_Source records_
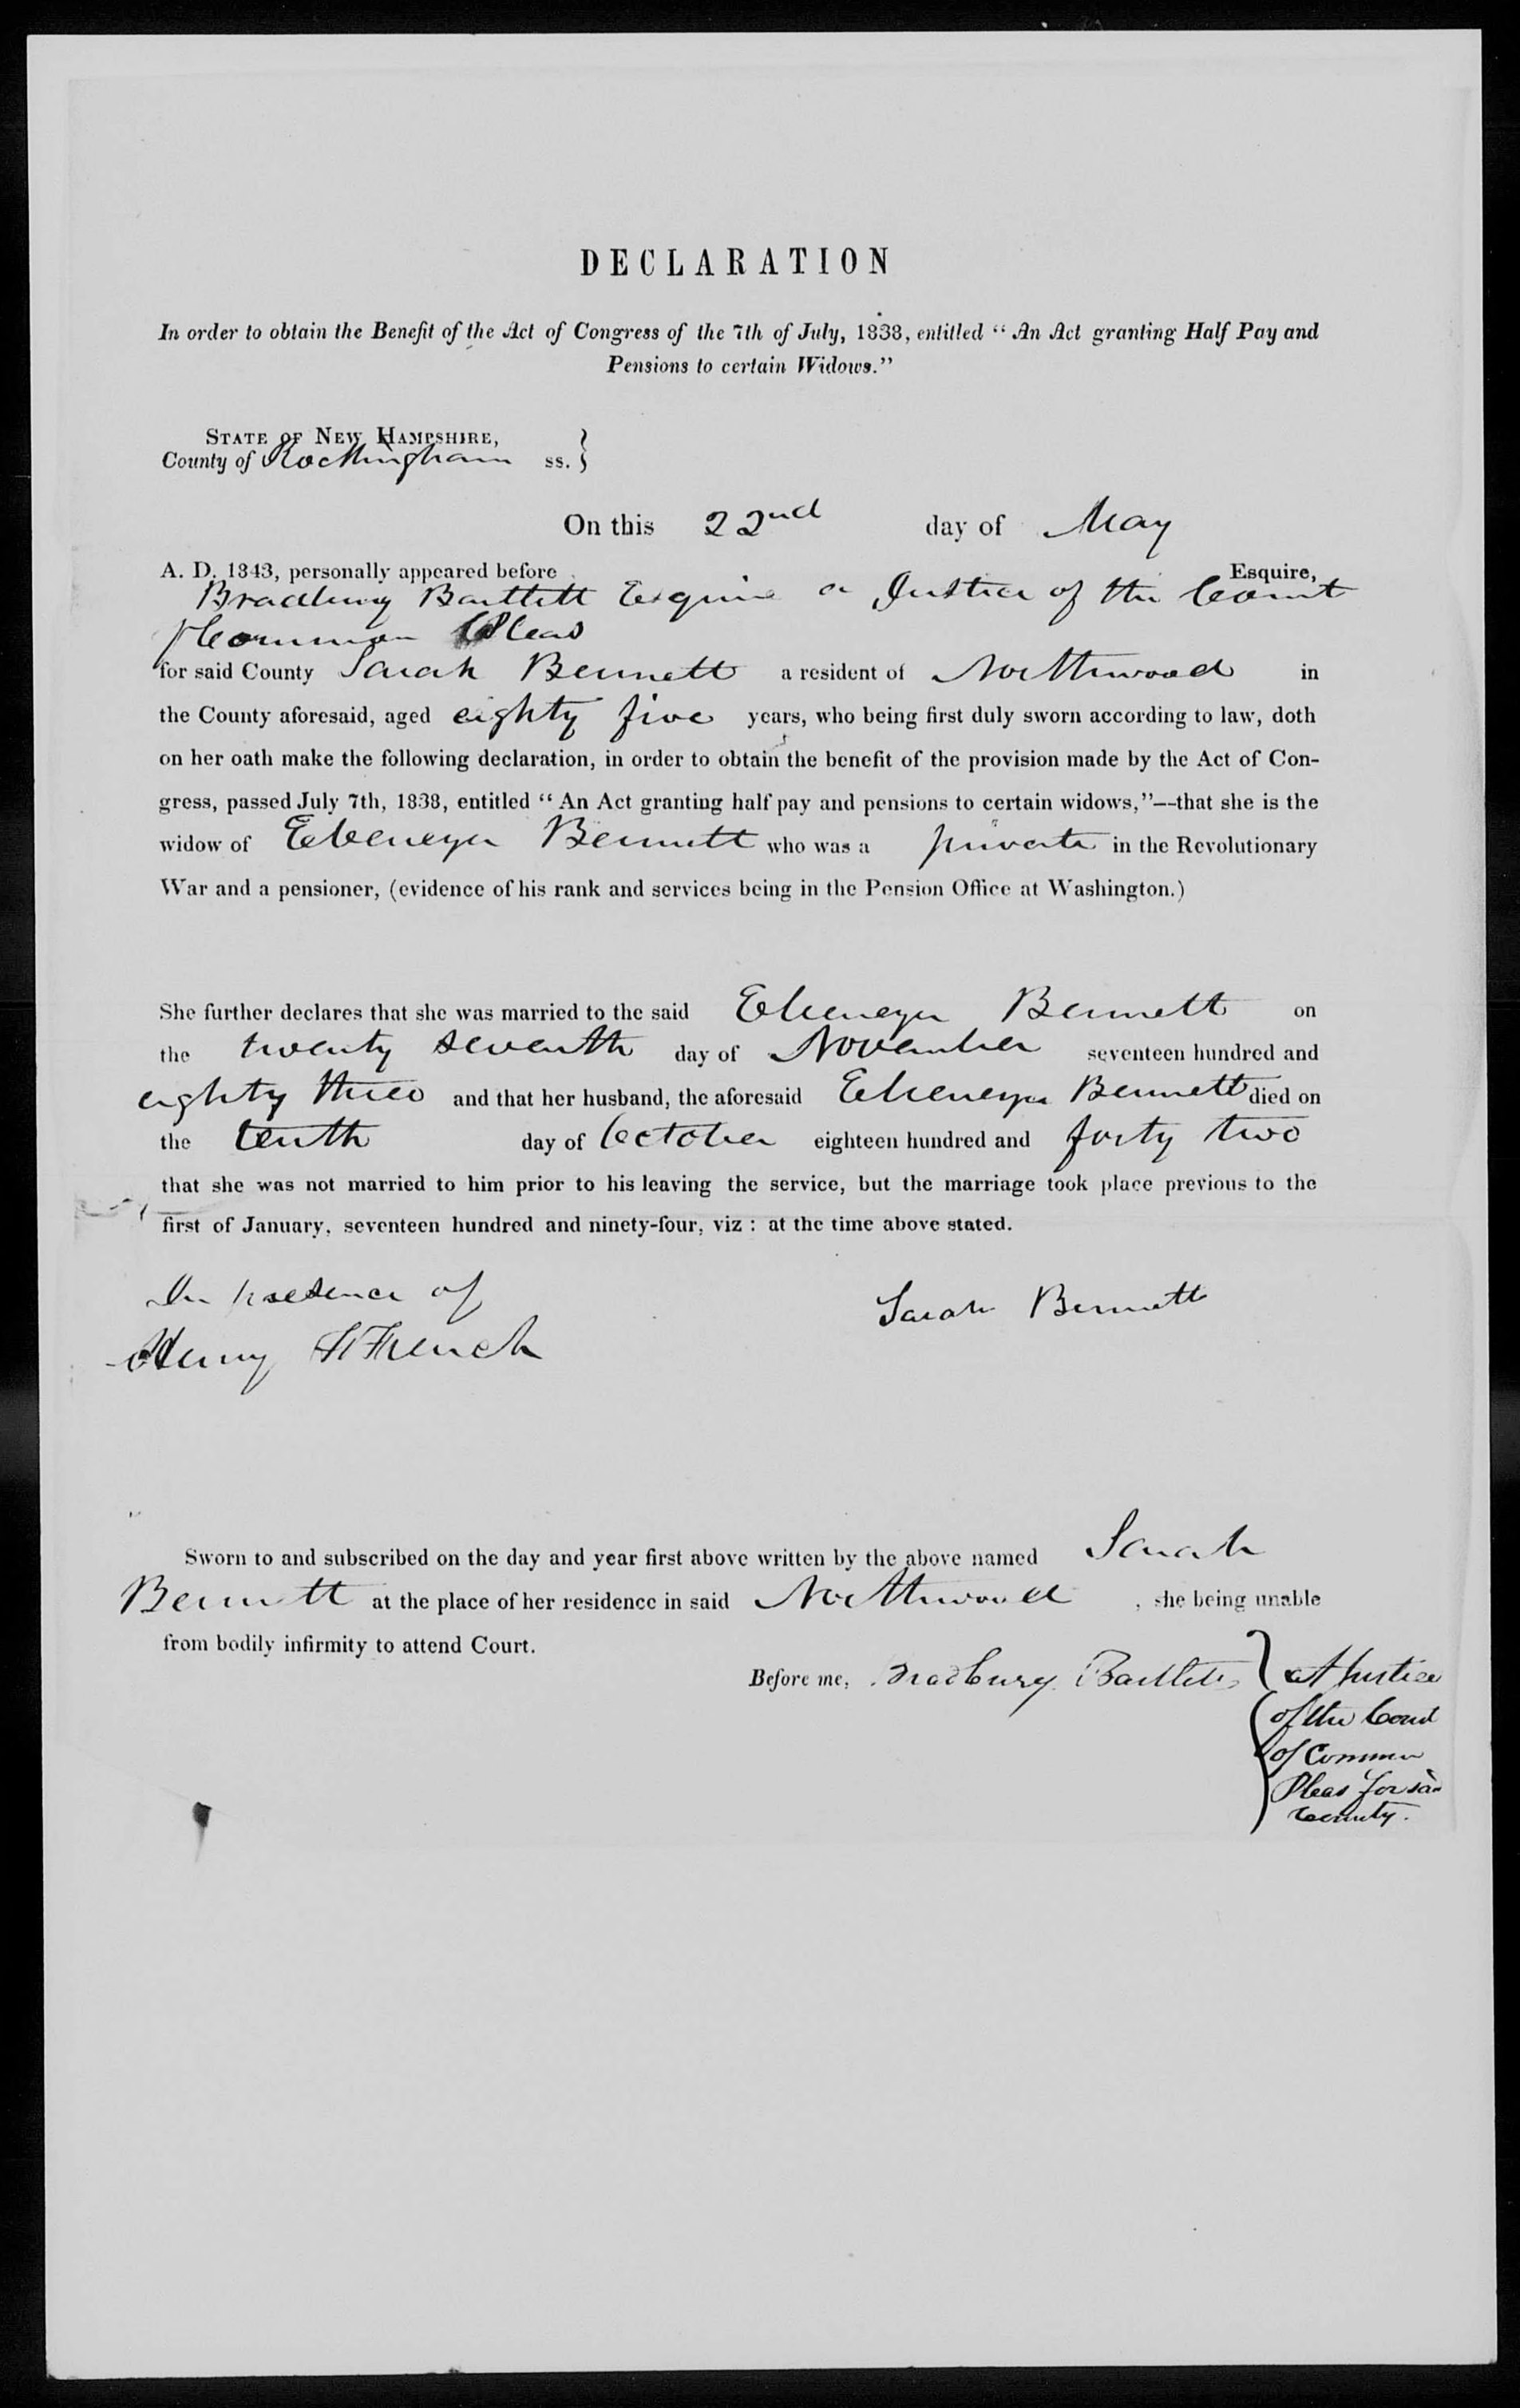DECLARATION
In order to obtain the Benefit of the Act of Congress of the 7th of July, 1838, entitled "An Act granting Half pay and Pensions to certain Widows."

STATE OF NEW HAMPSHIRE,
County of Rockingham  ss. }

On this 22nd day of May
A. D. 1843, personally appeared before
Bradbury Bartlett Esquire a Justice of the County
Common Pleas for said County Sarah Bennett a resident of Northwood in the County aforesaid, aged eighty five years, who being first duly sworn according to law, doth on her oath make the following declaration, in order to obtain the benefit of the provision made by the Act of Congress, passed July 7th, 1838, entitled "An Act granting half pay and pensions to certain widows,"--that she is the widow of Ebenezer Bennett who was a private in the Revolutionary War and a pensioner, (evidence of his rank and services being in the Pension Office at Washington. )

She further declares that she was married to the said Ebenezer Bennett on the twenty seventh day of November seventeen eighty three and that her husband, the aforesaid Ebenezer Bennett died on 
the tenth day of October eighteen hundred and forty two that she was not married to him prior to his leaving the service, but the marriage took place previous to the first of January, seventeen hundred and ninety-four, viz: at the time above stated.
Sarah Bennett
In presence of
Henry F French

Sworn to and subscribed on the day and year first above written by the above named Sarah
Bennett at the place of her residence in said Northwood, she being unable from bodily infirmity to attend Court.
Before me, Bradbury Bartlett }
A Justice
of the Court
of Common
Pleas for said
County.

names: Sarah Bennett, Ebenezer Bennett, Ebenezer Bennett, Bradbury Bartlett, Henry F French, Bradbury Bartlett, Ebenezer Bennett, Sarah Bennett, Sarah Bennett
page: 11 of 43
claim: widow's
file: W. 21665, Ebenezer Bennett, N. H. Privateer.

_Problem to work on_
Only the lines from the first line of the listing above through the line with "Bradbury Bartlett Esquire" should be set down, exactly and without pictures.

_Exercise solution_
DECLARATION
In order to obtain the Benefit of the Act of Congress of the 7th of July, 1838, entitled "An Act granting Half pay and Pensions to certain Widows."

STATE OF NEW HAMPSHIRE,
County of Rockingham  ss. }

On this 22nd day of May
A. D. 1843, personally appeared before
Bradbury Bartlett Esquire a Justice of the County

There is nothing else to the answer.